This paper is organized as follows. In Sect. 2, we state the problem being considered in this work. In Sect. 3, we present a transformation that will be used to develop some of the models. In Sect. 4, we introduce two continuous and differentiable nonlinear models for avoiding overlapping between ellipsoids. In Sect. 5, we propose nonlinear models for including an ellipsoid inside an ellipsoid and inside a half-space. Some illustrative numerical experiments are presented in Sect. 6. We close the paper with some concluding remarks in Sect. 7. The computer implementation of the models and methods introduced in the present work, as well as the reported solutions, are freely available at http://www.ime.usp.br/~lobato/.

2 Problem statement

An ellipsoid in \({\mathbb {R}}^n\) is a set of the form \({\mathcal {E}}= \{x \in {\mathbb {R}}^n \mid (x-c)^{\top } M^{-1} (x-c) \le 1\}\), where \(M~\in ~{\mathbb {R}}^{n \times n}\) is a symmetric and positive definite matrix.
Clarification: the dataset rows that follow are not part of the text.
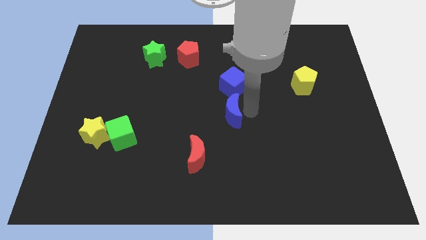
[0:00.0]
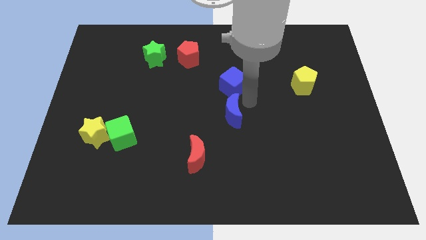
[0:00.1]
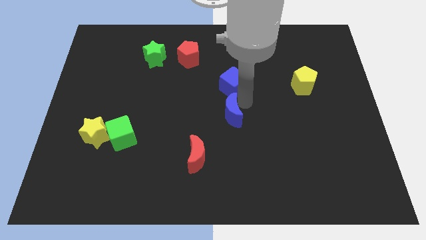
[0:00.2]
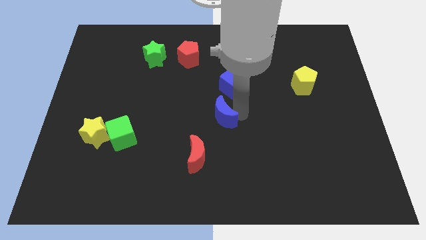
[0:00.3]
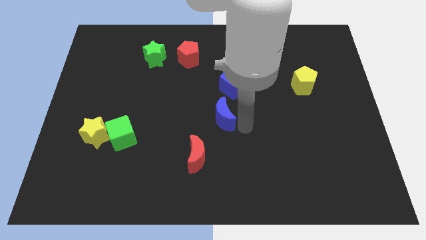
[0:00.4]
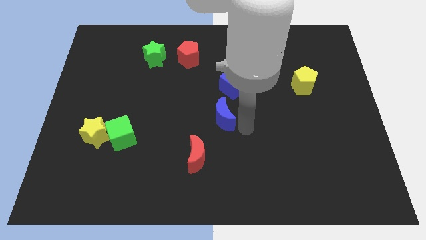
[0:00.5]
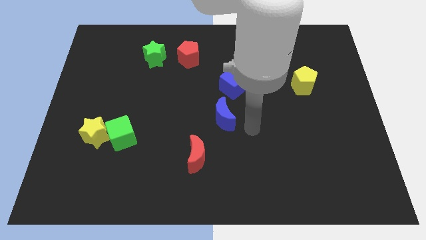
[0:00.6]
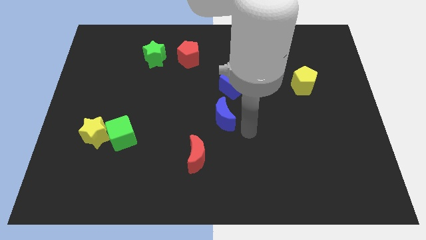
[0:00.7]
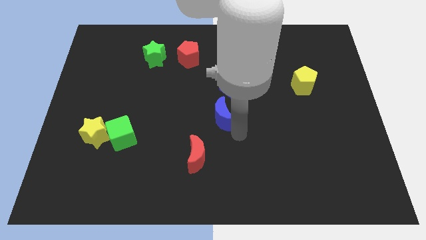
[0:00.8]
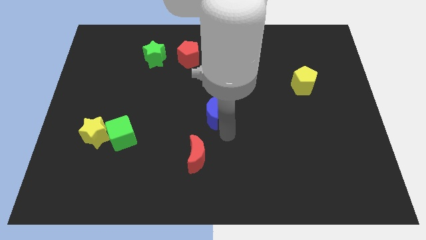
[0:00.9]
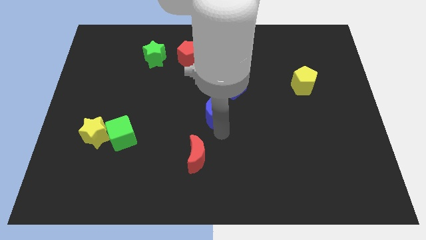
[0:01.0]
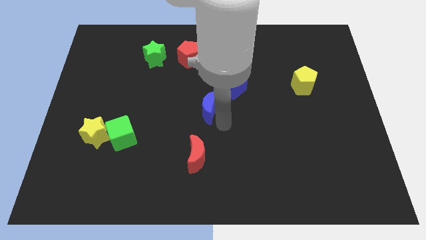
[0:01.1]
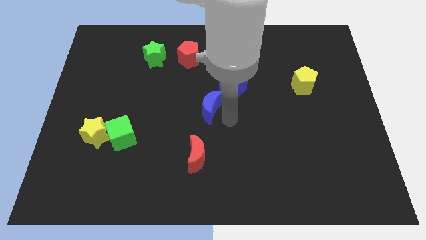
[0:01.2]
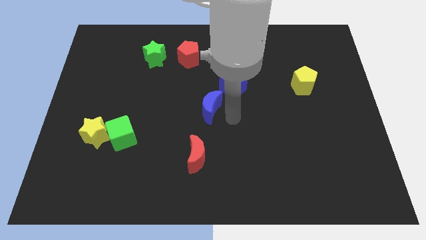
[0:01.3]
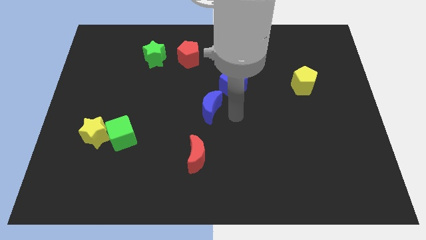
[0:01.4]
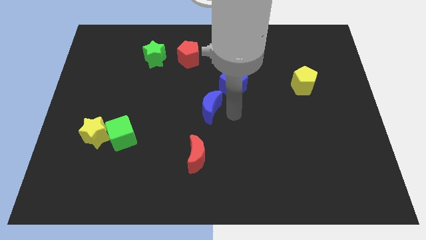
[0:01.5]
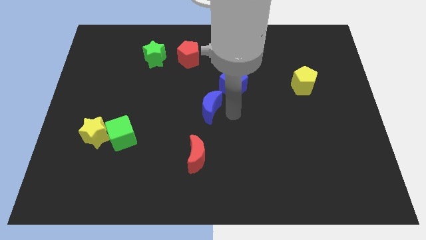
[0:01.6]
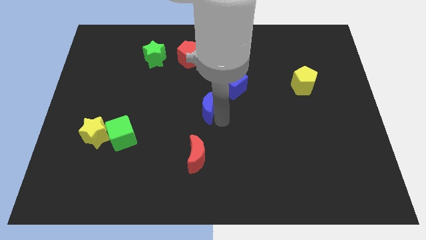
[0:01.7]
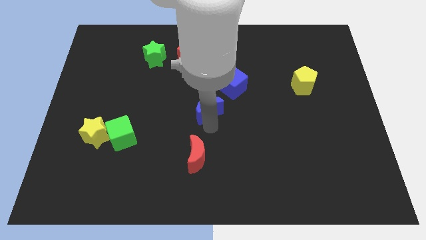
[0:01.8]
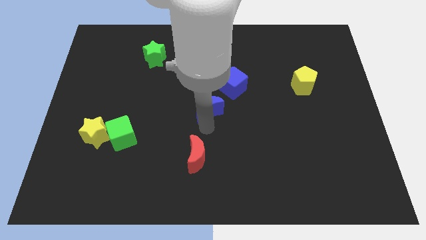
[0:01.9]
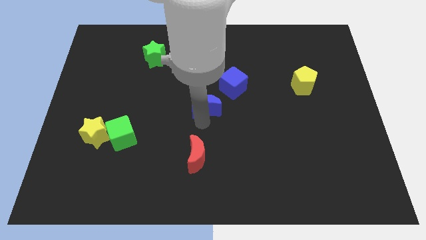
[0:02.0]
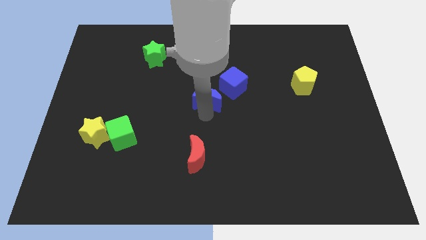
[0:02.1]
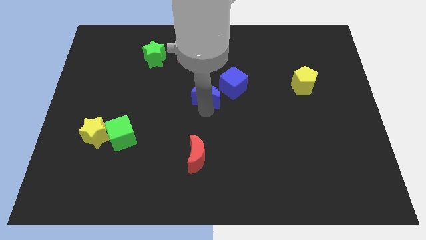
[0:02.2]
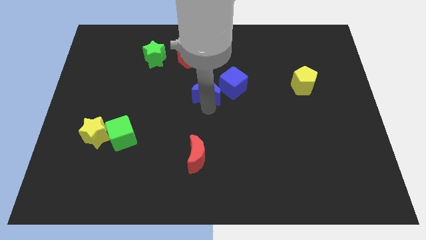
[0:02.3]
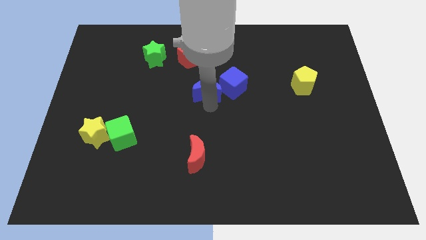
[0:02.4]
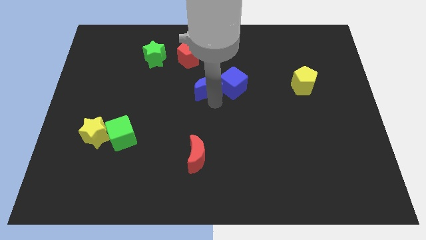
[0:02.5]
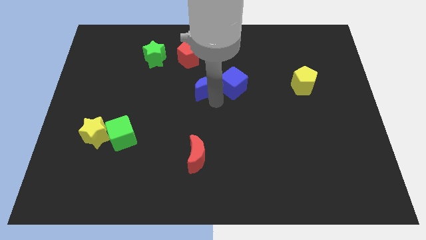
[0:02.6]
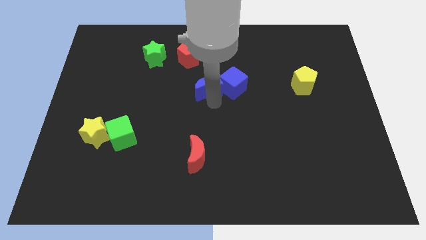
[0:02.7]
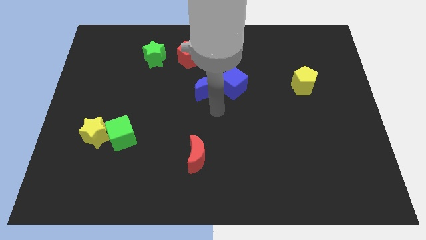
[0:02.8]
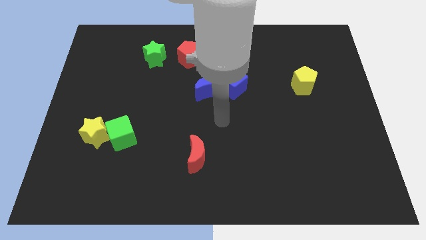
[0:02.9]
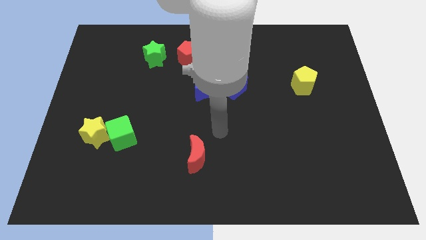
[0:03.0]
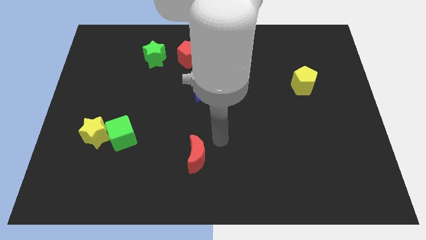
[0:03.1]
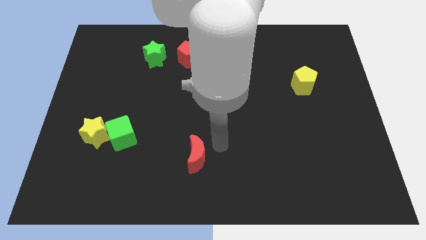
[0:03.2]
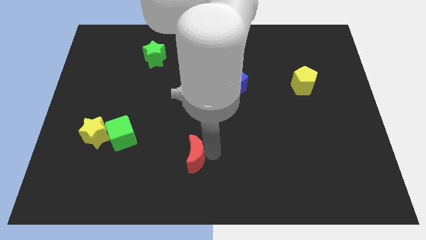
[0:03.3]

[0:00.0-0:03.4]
slightly move the blue moon to the left side of the blue cube

The vector \(c \in {\mathbb {R}}^n\) is the center of the ellipsoid. The eigenvectors of \(M^{-1}\) determine the principal axes of the ellipsoid and the eigenvalues of \(M^{\frac{1}{2}}\) are the lengths of the semi-axes of the ellipsoid. If M is a positive multiple of the identity matrix, then the ellipsoid is a ball. More specifically, if \(M = r^2I_{n}\) for some \(r > 0\), then the ellipsoid is a ball with radius r. An ellipsoid in a two-dimensional space is also called an ellipse. We denote by \(\partial {\mathcal {E}}\) the frontier of \({\mathcal {E}}\), i.e., \(\partial {\mathcal {E}} = \{x \in {\mathbb {R}}^n \mid (x-c)^{\top }M^{-1}(x-c) = 1\}\). We denote by \(\text {int}({\mathcal {E}})\) the interior of \({\mathcal {E}}\), i.e., \(\text {int}({\mathcal {E}}) = \{x \in {\mathbb {R}}^n \mid (x-c)^{\top }M^{-1}(x-c) < 1\}\). We say that two ellipsoids overlap if there exists a point that belongs to the interior of both ellipsoids. We say that two ellipsoids touch each other if they do not overlap and there exists a point that belongs to the frontier of both ellipsoids.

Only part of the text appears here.